## [Problem requirements]
In the material below, find each line with the word "nearest" and list it.

= = = = = = =

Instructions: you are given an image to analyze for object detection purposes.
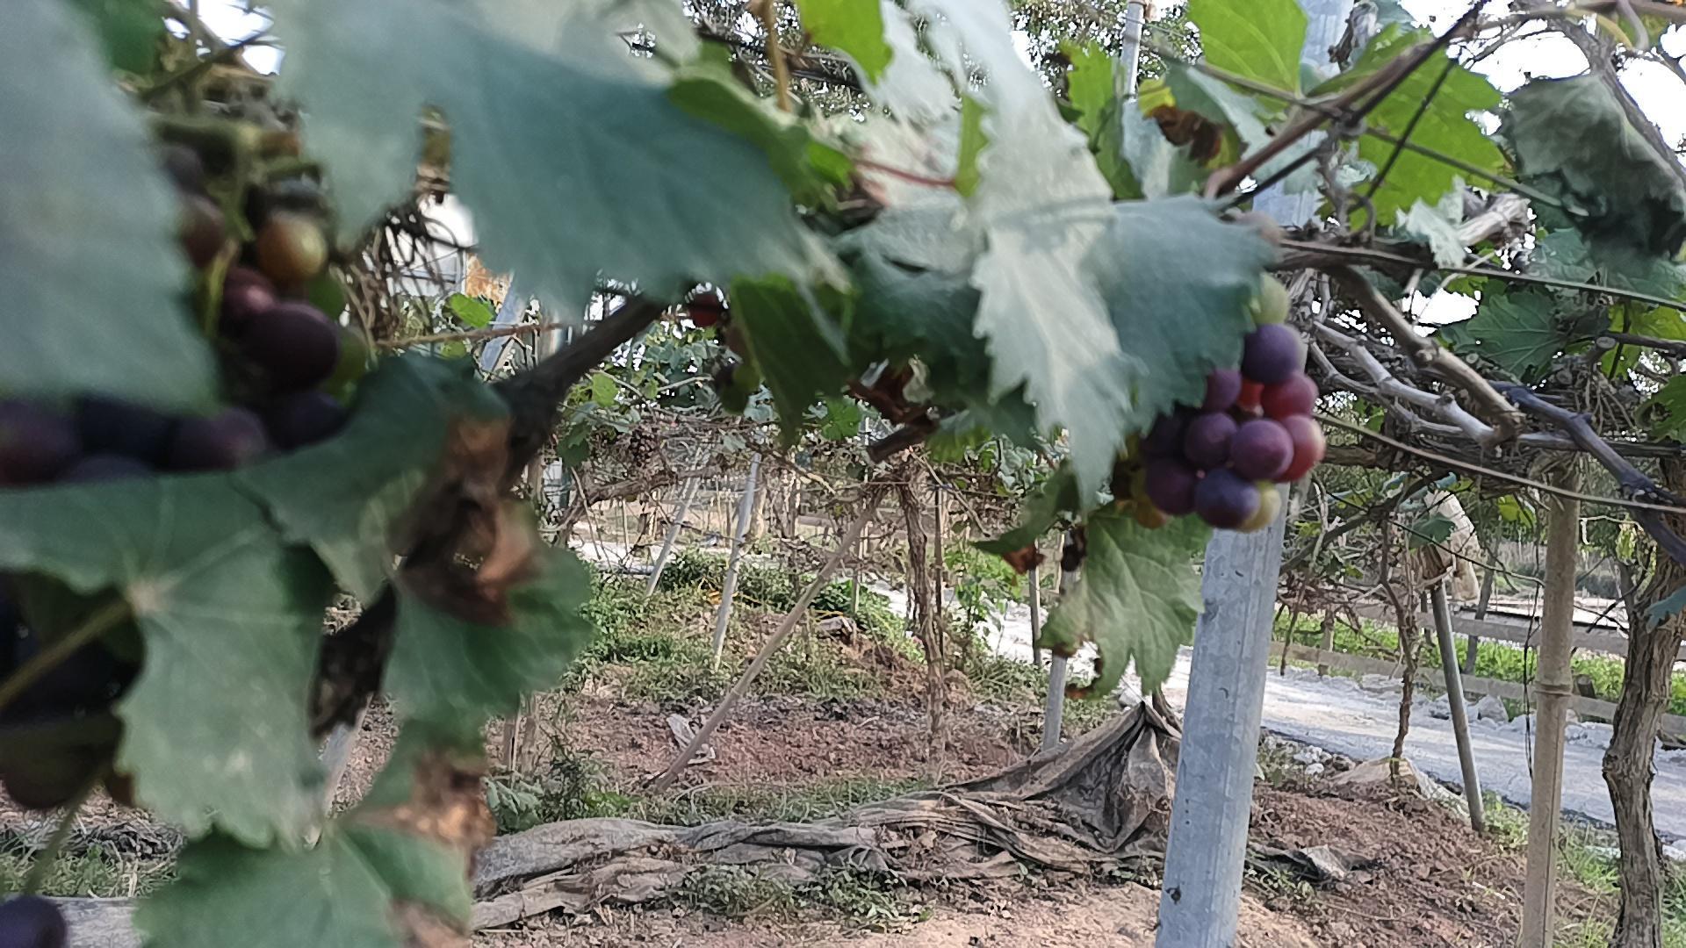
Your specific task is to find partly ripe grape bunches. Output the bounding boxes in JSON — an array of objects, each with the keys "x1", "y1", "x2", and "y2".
[
  {"x1": 0, "y1": 138, "x2": 375, "y2": 947},
  {"x1": 1112, "y1": 276, "x2": 1323, "y2": 531}
]
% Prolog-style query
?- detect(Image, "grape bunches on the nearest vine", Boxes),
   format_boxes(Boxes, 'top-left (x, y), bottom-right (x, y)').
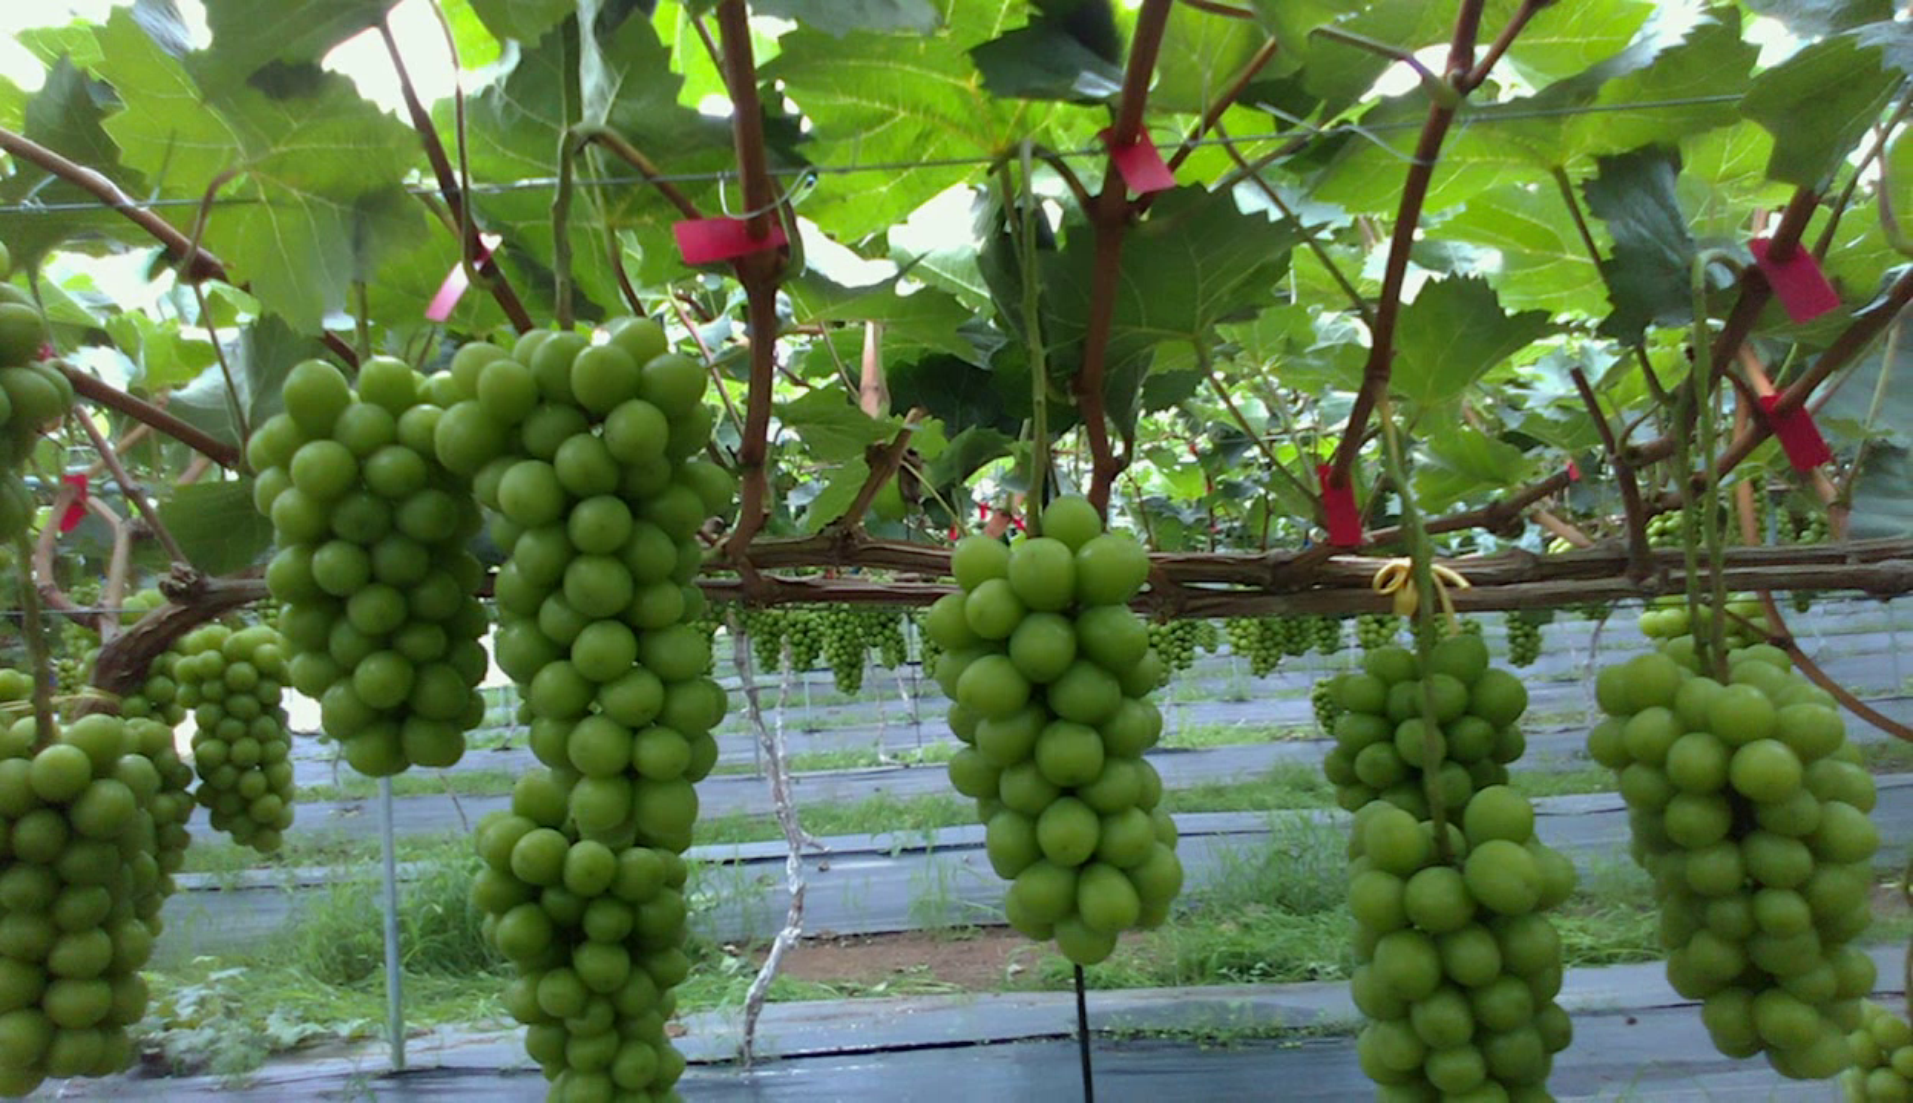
top-left (2, 714), bottom-right (162, 1095)
top-left (926, 496), bottom-right (1183, 967)
top-left (475, 766), bottom-right (690, 1101)
top-left (247, 351), bottom-right (492, 777)
top-left (1343, 781), bottom-right (1576, 1101)
top-left (437, 313), bottom-right (731, 847)
top-left (1323, 637), bottom-right (1527, 821)
top-left (1591, 646), bottom-right (1881, 1074)
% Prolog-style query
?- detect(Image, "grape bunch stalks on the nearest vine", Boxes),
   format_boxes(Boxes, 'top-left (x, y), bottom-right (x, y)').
top-left (1694, 247), bottom-right (1737, 682)
top-left (550, 124), bottom-right (702, 328)
top-left (1360, 386), bottom-right (1455, 859)
top-left (356, 274), bottom-right (371, 362)
top-left (14, 538), bottom-right (57, 751)
top-left (995, 136), bottom-right (1088, 533)

= = = = = = =

## [Result of this exercise]
?- detect(Image, "grape bunches on the nearest vine", Boxes),
?- detect(Image, "grape bunch stalks on the nearest vine", Boxes),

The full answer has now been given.